From eeda2eb5df9d9ef8bb7faa6e2f4552555d2d7e39 Mon Sep 17 00:00:00 2001
From: Son Ho
Date: Sat, 12 Feb 2022 18:51:40 +0100
Subject: Add comments

---
 tests/hashmap/Hashmap.Properties.fst | 134 +++++++++++++++++++++++++++++------
 1 file changed, 113 insertions(+), 21 deletions(-)

(limited to 'tests/hashmap/Hashmap.Properties.fst')

diff --git a/tests/hashmap/Hashmap.Properties.fst b/tests/hashmap/Hashmap.Properties.fst
index bec35dd8..5f403c61 100644
--- a/tests/hashmap/Hashmap.Properties.fst
+++ b/tests/hashmap/Hashmap.Properties.fst
@@ -12,7 +12,34 @@ module InteractiveHelpers = FStar.InteractiveHelpers
 
 #set-options "--z3rlimit 50 --fuel 0 --ifuel 1"
 
-/// The proofs actually caused a lot more trouble than expected, because:
+/// The proofs actually caused a lot more trouble than expected, because of the
+/// below points. All those are problems I already encountered in the past, but:
+///
+/// - the fact that I spent 9 months mostly focusing on Aeneas made me forget them
+///   a bit
+/// - they seem exacerbated by the fact that they really matter when doing
+///   functional correctness proofs, while Aeneas allows me to focus on the
+///   functional behaviour of my programs.
+/// 
+///   As a simple example, when I implemented linked lists (with loops) in Low*
+///   for Noise*, most of the work consisted in making the Low* proofs work
+///   (which was painful).
+/// 
+///   There was a bit of functional reasoning (for which I already encountered the
+///   below issues), but it was pretty simple and shadowed by the memory management
+///   part. In the current situation, as we got rid of the memory management annoyance,
+///   we could move on to the more the complex hash maps where the functional correctness
+///   proofs *actually* require some work, making extremely obvious the problems F* has
+///   when dealing with this kind of proofs.
+///
+/// Here, I would like to emphasize the fact that if hash maps *do* have interesting
+/// functional properties to study, I don't believe those properties are *intrinsically*
+/// complex. In particular, I am very eager to try to do the same proofs in Coq or
+/// HOL4, which I believe are more suited to this kind of proofs, and see how things go.

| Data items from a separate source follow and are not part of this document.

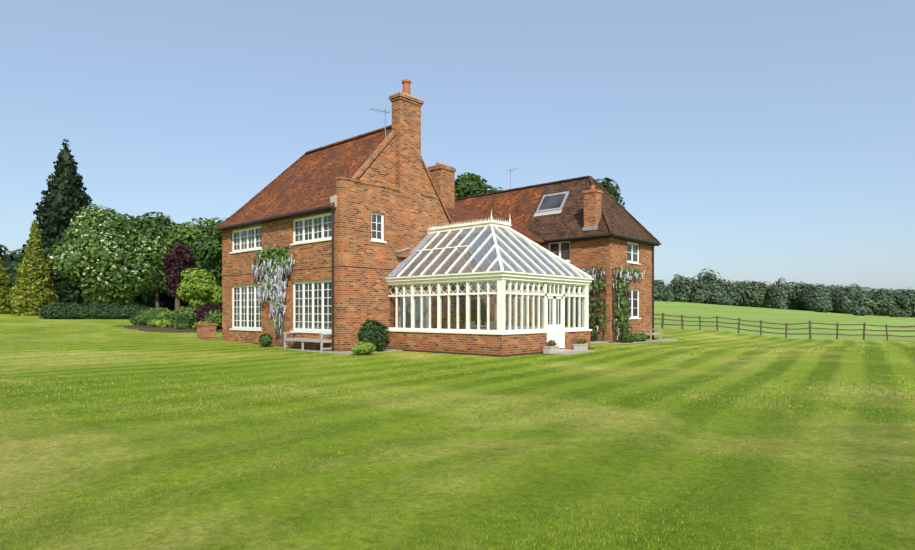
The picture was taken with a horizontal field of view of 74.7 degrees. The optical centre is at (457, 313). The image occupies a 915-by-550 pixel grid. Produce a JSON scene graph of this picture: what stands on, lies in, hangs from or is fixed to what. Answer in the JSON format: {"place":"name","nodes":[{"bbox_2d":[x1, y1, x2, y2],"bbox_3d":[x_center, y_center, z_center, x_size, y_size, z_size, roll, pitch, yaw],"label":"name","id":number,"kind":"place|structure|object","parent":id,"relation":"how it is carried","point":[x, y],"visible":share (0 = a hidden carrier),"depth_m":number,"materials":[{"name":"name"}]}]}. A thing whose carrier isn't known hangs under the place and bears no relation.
{"place":"outdoors","nodes":[
{"label":"outdoors","id":0,"kind":"place"},
{"bbox_2d":[0,301,914,549],"bbox_3d":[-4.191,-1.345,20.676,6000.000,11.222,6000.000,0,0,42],"label":"ground","id":1,"kind":"structure","parent":0,"point":[565,460],"depth_m":6.55,"materials":[{"name":"green plant"}]},
{"bbox_2d":[0,244,9,260],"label":"tree","id":2,"kind":"object","parent":1,"relation":"on","point":[3,251],"visible":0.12,"depth_m":98.22,"materials":[{"name":"green plant"}]},
{"bbox_2d":[0,258,15,313],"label":"golden cypress tree","id":3,"kind":"object","parent":1,"relation":"on","point":[7,296],"visible":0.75,"depth_m":60.51,"materials":[{"name":"plant"}]},
{"bbox_2d":[4,251,23,261],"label":"tree","id":4,"kind":"object","parent":1,"relation":"on","point":[14,256],"visible":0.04,"depth_m":101.82,"materials":[{"name":"green plant"}]},
{"bbox_2d":[9,244,27,256],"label":"tree","id":5,"kind":"object","parent":1,"relation":"on","point":[21,252],"visible":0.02,"depth_m":106.45,"materials":[{"name":"green plant"}]},
{"bbox_2d":[10,220,57,315],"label":"golden cypress tree","id":6,"kind":"object","parent":1,"relation":"on","point":[34,285],"visible":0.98,"depth_m":58.11,"materials":[{"name":"plant"}]},
{"bbox_2d":[26,139,92,305],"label":"conifer tree","id":7,"kind":"object","parent":1,"relation":"on","point":[65,197],"visible":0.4,"depth_m":88.16,"materials":[{"name":"green plant"}]},
{"bbox_2d":[36,300,148,318],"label":"hedge","id":8,"kind":"object","parent":1,"relation":"on","point":[74,310],"visible":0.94,"depth_m":51.16,"materials":[{"name":"green plant"}]},
{"bbox_2d":[46,204,168,305],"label":"flowering tree","id":9,"kind":"object","parent":1,"relation":"on","point":[103,256],"visible":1,"depth_m":61.71,"materials":[{"name":"green plant"}]},
{"bbox_2d":[0,256,221,310],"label":"screen tree","id":10,"kind":"object","parent":1,"relation":"on","point":[147,299],"visible":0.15,"depth_m":90.95,"materials":[{"name":"green plant"}]},
{"bbox_2d":[121,213,138,230],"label":"tree","id":11,"kind":"object","parent":1,"relation":"on","point":[132,218],"depth_m":95.16,"materials":[{"name":"green plant"}]},
{"bbox_2d":[129,311,141,324],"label":"border shrub","id":12,"kind":"object","parent":1,"relation":"on","point":[133,320],"visible":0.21,"depth_m":38.69,"materials":[{"name":"green plant"}]},
{"bbox_2d":[128,211,175,308],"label":"tree","id":13,"kind":"object","parent":1,"relation":"on","point":[157,225],"visible":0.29,"depth_m":83.15,"materials":[{"name":"green plant"}]},
{"bbox_2d":[115,325,221,332],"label":"border soil","id":14,"kind":"structure","parent":1,"relation":"on","point":[145,328],"depth_m":31.14,"materials":[{"name":"brown soil"}]},
{"bbox_2d":[141,315,159,325],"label":"border shrub","id":15,"kind":"object","parent":14,"relation":"on","point":[145,319],"visible":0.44,"depth_m":34.15,"materials":[{"name":"green plant"}]},
{"bbox_2d":[136,307,170,324],"bbox_3d":[-18.215,0.259,36.472,2.176,1.278,2.027,0,0,2],"label":"border shrub","id":16,"kind":"object","parent":14,"relation":"on","point":[152,312],"visible":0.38,"depth_m":35.88,"materials":[{"name":"green plant"}]},
{"bbox_2d":[146,318,175,326],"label":"border shrub","id":17,"kind":"object","parent":14,"relation":"on","point":[159,323],"visible":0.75,"depth_m":32.18,"materials":[{"name":"green plant"}]},
{"bbox_2d":[157,311,178,316],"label":"border shrub","id":18,"kind":"object","parent":14,"relation":"on","point":[164,313],"visible":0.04,"depth_m":35.12,"materials":[{"name":"green plant"}]},
{"bbox_2d":[159,314,192,323],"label":"border shrub","id":19,"kind":"object","parent":14,"relation":"on","point":[181,318],"visible":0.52,"depth_m":32.96,"materials":[{"name":"green plant"}]},
{"bbox_2d":[171,321,192,328],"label":"border shrub","id":20,"kind":"object","parent":14,"relation":"on","point":[181,325],"visible":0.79,"depth_m":31.20,"materials":[{"name":"green plant"}]},
{"bbox_2d":[172,306,199,324],"bbox_3d":[-15.948,0.232,35.461,2.121,1.347,1.802,0,0,42],"label":"border shrub","id":21,"kind":"object","parent":14,"relation":"on","point":[187,311],"visible":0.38,"depth_m":34.83,"materials":[{"name":"green plant"}]},
{"bbox_2d":[192,321,216,329],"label":"border shrub","id":22,"kind":"object","parent":14,"relation":"on","point":[194,326],"visible":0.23,"depth_m":31.36,"materials":[{"name":"green plant"}]},
{"bbox_2d":[193,303,221,321],"bbox_3d":[-14.687,0.205,35.628,1.913,1.562,2.077,0,0,42],"label":"border shrub","id":23,"kind":"object","parent":14,"relation":"on","point":[202,311],"visible":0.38,"depth_m":35.05,"materials":[{"name":"purple plant"}]},
{"bbox_2d":[201,309,221,328],"bbox_3d":[-12.973,0.444,32.551,1.667,1.295,1.842,0,0,42],"label":"border shrub","id":24,"kind":"object","parent":14,"relation":"on","point":[215,317],"visible":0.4,"depth_m":32.00,"materials":[{"name":"green plant"}]},
{"bbox_2d":[161,242,200,311],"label":"copper beech tree","id":25,"kind":"object","parent":1,"relation":"on","point":[180,258],"visible":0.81,"depth_m":56.84,"materials":[{"name":"purple plant"}]},
{"bbox_2d":[163,217,223,283],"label":"tree","id":26,"kind":"object","parent":1,"relation":"on","point":[183,233],"visible":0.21,"depth_m":75.89,"materials":[{"name":"green plant"}]},
{"bbox_2d":[176,267,221,306],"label":"small tree","id":27,"kind":"object","parent":1,"relation":"on","point":[196,287],"visible":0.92,"depth_m":42.95,"materials":[{"name":"green plant"}]},
{"bbox_2d":[186,218,227,285],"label":"tree","id":28,"kind":"object","parent":1,"relation":"on","point":[206,249],"visible":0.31,"depth_m":71.60,"materials":[{"name":"green plant"}]},
{"bbox_2d":[196,323,217,339],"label":"brick pier","id":29,"kind":"structure","parent":1,"relation":"on","point":[206,331],"depth_m":26.48,"materials":[{"name":"brick"}]},
{"bbox_2d":[258,333,272,346],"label":"shrub","id":30,"kind":"object","parent":1,"relation":"on","point":[265,339],"visible":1,"depth_m":22.64,"materials":[{"name":"green plant"}]},
{"bbox_2d":[350,341,376,354],"bbox_3d":[-3.044,1.137,19.317,0.758,0.460,0.840,0,0,42],"label":"shrub","id":31,"kind":"object","parent":1,"relation":"on","point":[362,348],"visible":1,"depth_m":19.12,"materials":[{"name":"green plant"}]},
{"bbox_2d":[213,79,660,350],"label":"house","id":32,"kind":"structure","parent":1,"relation":"on","point":[348,223],"depth_m":23.78,"materials":[{"name":"brick"}]},
{"bbox_2d":[252,246,294,346],"bbox_3d":[-7.168,-0.611,23.134,2.927,3.921,0.431,0,0,42],"label":"wisteria","id":33,"kind":"object","parent":32,"relation":"attached to","point":[273,270],"visible":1,"depth_m":22.84,"materials":[{"name":"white plant"}]},
{"bbox_2d":[371,108,517,188],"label":"aerials","id":34,"kind":"object","parent":32,"relation":"attached to","point":[385,137],"visible":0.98,"depth_m":22.92,"materials":[{"name":"grey metal"}]},
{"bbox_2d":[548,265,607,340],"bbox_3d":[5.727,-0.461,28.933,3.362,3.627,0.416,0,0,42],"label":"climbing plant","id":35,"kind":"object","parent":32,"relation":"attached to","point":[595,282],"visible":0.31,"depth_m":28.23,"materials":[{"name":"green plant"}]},
{"bbox_2d":[611,266,645,341],"bbox_3d":[8.274,-0.466,28.950,0.419,3.632,3.179,0,0,42],"label":"climbing plant","id":36,"kind":"object","parent":32,"relation":"attached to","point":[620,297],"visible":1,"depth_m":28.36,"materials":[{"name":"green plant"}]},
{"bbox_2d":[455,172,501,198],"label":"tree","id":37,"kind":"object","parent":1,"relation":"on","point":[468,184],"visible":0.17,"depth_m":59.82,"materials":[{"name":"green plant"}]},
{"bbox_2d":[288,339,676,354],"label":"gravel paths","id":38,"kind":"structure","parent":1,"relation":"on","point":[393,350],"depth_m":21.05,"materials":[{"name":"beige gravel"}]},
{"bbox_2d":[283,326,331,351],"bbox_3d":[-5.307,0.874,21.454,2.350,0.945,0.680,0,0,42],"label":"garden bench","id":39,"kind":"object","parent":38,"relation":"on","point":[321,340],"visible":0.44,"depth_m":21.09,"materials":[{"name":"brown wood"}]},
{"bbox_2d":[357,319,390,351],"bbox_3d":[-2.877,0.778,20.589,0.915,1.162,1.314,0,0,42],"label":"dark shrub","id":40,"kind":"object","parent":38,"relation":"on","point":[373,331],"visible":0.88,"depth_m":20.29,"materials":[{"name":"green plant"}]},
{"bbox_2d":[385,342,611,356],"bbox_3d":[2.893,1.522,24.345,5.800,0.450,10.940,0,0,42],"label":"soil border","id":41,"kind":"object","parent":38,"relation":"on","point":[476,354],"visible":0.21,"depth_m":19.50,"materials":[{"name":"soil"}]},
{"bbox_2d":[542,339,559,353],"bbox_3d":[3.100,1.096,19.820,0.336,0.462,0.560,0,0,42],"label":"planter","id":42,"kind":"object","parent":38,"relation":"on","point":[550,348],"visible":1,"depth_m":19.69,"materials":[{"name":"stone"}]},
{"bbox_2d":[573,338,588,350],"bbox_3d":[4.369,1.103,21.234,0.300,0.448,0.560,0,0,42],"label":"planter","id":43,"kind":"object","parent":38,"relation":"on","point":[581,346],"visible":1,"depth_m":21.10,"materials":[{"name":"stone"}]},
{"bbox_2d":[634,333,647,341],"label":"shrub","id":44,"kind":"object","parent":38,"relation":"on","point":[639,337],"visible":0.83,"depth_m":28.97,"materials":[{"name":"green plant"}]},
{"bbox_2d":[642,329,661,340],"bbox_3d":[9.902,0.977,30.721,0.680,0.945,1.250,0,0,42],"label":"bench","id":45,"kind":"object","parent":38,"relation":"on","point":[651,334],"visible":0.44,"depth_m":30.32,"materials":[{"name":"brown wood"}]},
{"bbox_2d":[385,210,593,354],"bbox_3d":[1.171,-0.983,22.302,6.060,5.460,5.580,0,0,42],"label":"conservatory","id":46,"kind":"object","parent":1,"relation":"on","point":[500,260],"visible":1,"depth_m":20.82,"materials":[{"name":"beige paint"}]},
{"bbox_2d":[589,328,598,340],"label":"shrub","id":47,"kind":"object","parent":1,"relation":"on","point":[593,335],"visible":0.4,"depth_m":27.93,"materials":[{"name":"green plant"}]},
{"bbox_2d":[595,177,624,207],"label":"tree","id":48,"kind":"object","parent":1,"relation":"on","point":[608,187],"visible":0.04,"depth_m":69.68,"materials":[{"name":"green plant"}]},
{"bbox_2d":[619,330,634,342],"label":"shrub","id":49,"kind":"object","parent":1,"relation":"on","point":[625,336],"visible":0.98,"depth_m":27.79,"materials":[{"name":"green plant"}]},
{"bbox_2d":[654,268,914,317],"bbox_3d":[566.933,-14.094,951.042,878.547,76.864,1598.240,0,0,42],"label":"woods","id":50,"kind":"object","parent":1,"relation":"on","point":[710,288],"visible":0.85,"depth_m":348.58,"materials":[{"name":"green plant"}]},
{"bbox_2d":[654,313,914,339],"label":"fence","id":51,"kind":"object","parent":1,"relation":"on","point":[761,326],"visible":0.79,"depth_m":43.65,"materials":[{"name":"brown wood"}]},
{"bbox_2d":[0,0,914,289],"label":"sky","id":52,"kind":"structure","parent":0,"point":[770,141],"materials":[{"name":"blue"}]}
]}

+/// I'm aware that those provers also suffer from drawbacks, but I believe those are
+/// less severe than F* in the present case.
+///
+/// The problems I encountered (once again, all this is well known):
 /// 
 /// - we are blind when doing the proofs. After a very intensive use of F* I got
 ///   used to it meaning I *can* do proofs in F*, but it still takes me a tremendous
@@ -25,22 +52,51 @@ module InteractiveHelpers = FStar.InteractiveHelpers
 /// - F* is extremely bad at reasoning with quantifiers, which is made worse by
 ///   the fact we are blind when making proofs. This forced me to be extremely
 ///   careful about the way I wrote the specs/invariants (by writing "functional"
-///   specs and invariants, mostly, so as not to manipulate quantifiers), ending
-///   up proofs which are not written in the most natural and efficient manner.

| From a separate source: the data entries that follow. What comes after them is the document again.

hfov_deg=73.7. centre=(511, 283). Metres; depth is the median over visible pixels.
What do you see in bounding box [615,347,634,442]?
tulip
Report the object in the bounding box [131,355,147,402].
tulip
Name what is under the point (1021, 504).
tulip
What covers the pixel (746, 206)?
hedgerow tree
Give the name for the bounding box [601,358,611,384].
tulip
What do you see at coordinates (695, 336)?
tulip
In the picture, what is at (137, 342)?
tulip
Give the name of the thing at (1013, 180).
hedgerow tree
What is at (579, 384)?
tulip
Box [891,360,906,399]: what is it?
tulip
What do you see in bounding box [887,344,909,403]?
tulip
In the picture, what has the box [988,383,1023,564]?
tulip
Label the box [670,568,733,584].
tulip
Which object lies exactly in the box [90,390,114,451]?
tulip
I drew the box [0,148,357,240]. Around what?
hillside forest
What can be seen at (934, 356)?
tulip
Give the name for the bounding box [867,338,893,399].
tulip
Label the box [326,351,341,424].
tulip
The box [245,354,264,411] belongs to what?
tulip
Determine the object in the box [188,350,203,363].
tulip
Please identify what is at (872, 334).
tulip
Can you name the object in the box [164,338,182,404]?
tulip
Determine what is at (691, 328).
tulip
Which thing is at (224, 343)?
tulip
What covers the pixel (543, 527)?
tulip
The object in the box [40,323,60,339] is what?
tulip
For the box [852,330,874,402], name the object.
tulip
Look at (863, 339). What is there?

+///   specs and invariants, mostly, so as not to manipulate quantifiers).
+///   
 ///   In particular, I had to cut the proofs into many steps just for this reason,
 ///   while if I had been able to properly use quantifiers (I tried: in many
 ///   situations I manage to massage F* to make it work, but in the below proofs
 ///   it was horrific) I would have proven many results in one go.
 ///   
+///   More specifically: the hash map has an invariant stating that all the keys
+///   are pairwise disjoint. This invariant is extremely simple to write with
+///   forall quantifiers and looks like the following:
+///   `forall i j. i <> j ==> key_at i hm <> key_at j hm`
+///   
+///   If you can easily manipulate forall quantifiers, you can prove that the
+///   invariant is maintained by, say, the insertion functions in one go.
+///   
+///   However here, because I couldn't make the quantification work (and I really
+///   tried hard, because this is a very natural way of doing the proofs), I had
+///   to resort to invariants written in terms of [pairwise_rel]. This is
+///   extremely annoying, because then the process becomes:
+///   - prove that the insertion, etc. functions refine some higher level functions
+///     (that I have to introduce)
+///   - prove that those higher level functions preserve the invariants
+///   
+///   All this results in a huge amount of intermediary lemmas and definitions...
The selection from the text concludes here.